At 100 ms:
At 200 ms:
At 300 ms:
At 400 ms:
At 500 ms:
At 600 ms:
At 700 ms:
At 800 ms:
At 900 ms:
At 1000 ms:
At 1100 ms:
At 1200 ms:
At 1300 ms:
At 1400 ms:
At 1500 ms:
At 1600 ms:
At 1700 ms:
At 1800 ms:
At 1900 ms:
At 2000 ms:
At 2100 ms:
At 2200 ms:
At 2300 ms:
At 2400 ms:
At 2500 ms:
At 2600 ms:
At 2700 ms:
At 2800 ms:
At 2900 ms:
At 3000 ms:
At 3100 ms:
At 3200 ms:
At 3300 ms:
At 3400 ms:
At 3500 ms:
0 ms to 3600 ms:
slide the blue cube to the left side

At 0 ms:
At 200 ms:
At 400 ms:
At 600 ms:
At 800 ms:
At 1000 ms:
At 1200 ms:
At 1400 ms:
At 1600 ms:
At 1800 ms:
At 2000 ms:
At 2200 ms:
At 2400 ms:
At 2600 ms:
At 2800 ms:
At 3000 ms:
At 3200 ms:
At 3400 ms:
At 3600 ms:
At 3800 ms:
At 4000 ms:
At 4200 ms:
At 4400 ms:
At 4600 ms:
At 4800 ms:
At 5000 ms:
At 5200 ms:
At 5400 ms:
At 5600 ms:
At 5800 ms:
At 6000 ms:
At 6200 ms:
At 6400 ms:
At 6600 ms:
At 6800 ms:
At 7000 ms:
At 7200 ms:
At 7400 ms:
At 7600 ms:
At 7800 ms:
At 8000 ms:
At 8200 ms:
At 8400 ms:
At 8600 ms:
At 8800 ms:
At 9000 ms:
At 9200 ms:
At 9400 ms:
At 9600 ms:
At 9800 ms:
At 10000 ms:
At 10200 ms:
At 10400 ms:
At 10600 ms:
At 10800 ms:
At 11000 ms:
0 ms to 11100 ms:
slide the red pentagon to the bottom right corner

## [What the exercise asks]
Print all the material, keeping every line identical to the original.

## [Output below]
At 100 ms:
At 200 ms:
At 300 ms:
At 400 ms:
At 500 ms:
At 600 ms:
At 700 ms:
At 800 ms:
At 900 ms:
At 1000 ms:
At 1100 ms:
At 1200 ms:
At 1300 ms:
At 1400 ms:
At 1500 ms:
At 1600 ms:
At 1700 ms:
At 1800 ms:
At 1900 ms:
At 2000 ms:
At 2100 ms:
At 2200 ms:
At 2300 ms:
At 2400 ms:
At 2500 ms:
At 2600 ms:
At 2700 ms:
At 2800 ms:
At 2900 ms:
At 3000 ms:
At 3100 ms:
At 3200 ms:
At 3300 ms:
At 3400 ms:
At 3500 ms:
0 ms to 3600 ms:
slide the blue cube to the left side

At 0 ms:
At 200 ms:
At 400 ms:
At 600 ms:
At 800 ms:
At 1000 ms:
At 1200 ms:
At 1400 ms:
At 1600 ms:
At 1800 ms:
At 2000 ms:
At 2200 ms:
At 2400 ms:
At 2600 ms:
At 2800 ms:
At 3000 ms:
At 3200 ms:
At 3400 ms:
At 3600 ms:
At 3800 ms:
At 4000 ms:
At 4200 ms:
At 4400 ms:
At 4600 ms:
At 4800 ms:
At 5000 ms:
At 5200 ms:
At 5400 ms:
At 5600 ms:
At 5800 ms:
At 6000 ms:
At 6200 ms:
At 6400 ms:
At 6600 ms:
At 6800 ms:
At 7000 ms:
At 7200 ms:
At 7400 ms:
At 7600 ms:
At 7800 ms:
At 8000 ms:
At 8200 ms:
At 8400 ms:
At 8600 ms:
At 8800 ms:
At 9000 ms:
At 9200 ms:
At 9400 ms:
At 9600 ms:
At 9800 ms:
At 10000 ms:
At 10200 ms:
At 10400 ms:
At 10600 ms:
At 10800 ms:
At 11000 ms:
0 ms to 11100 ms:
slide the red pentagon to the bottom right corner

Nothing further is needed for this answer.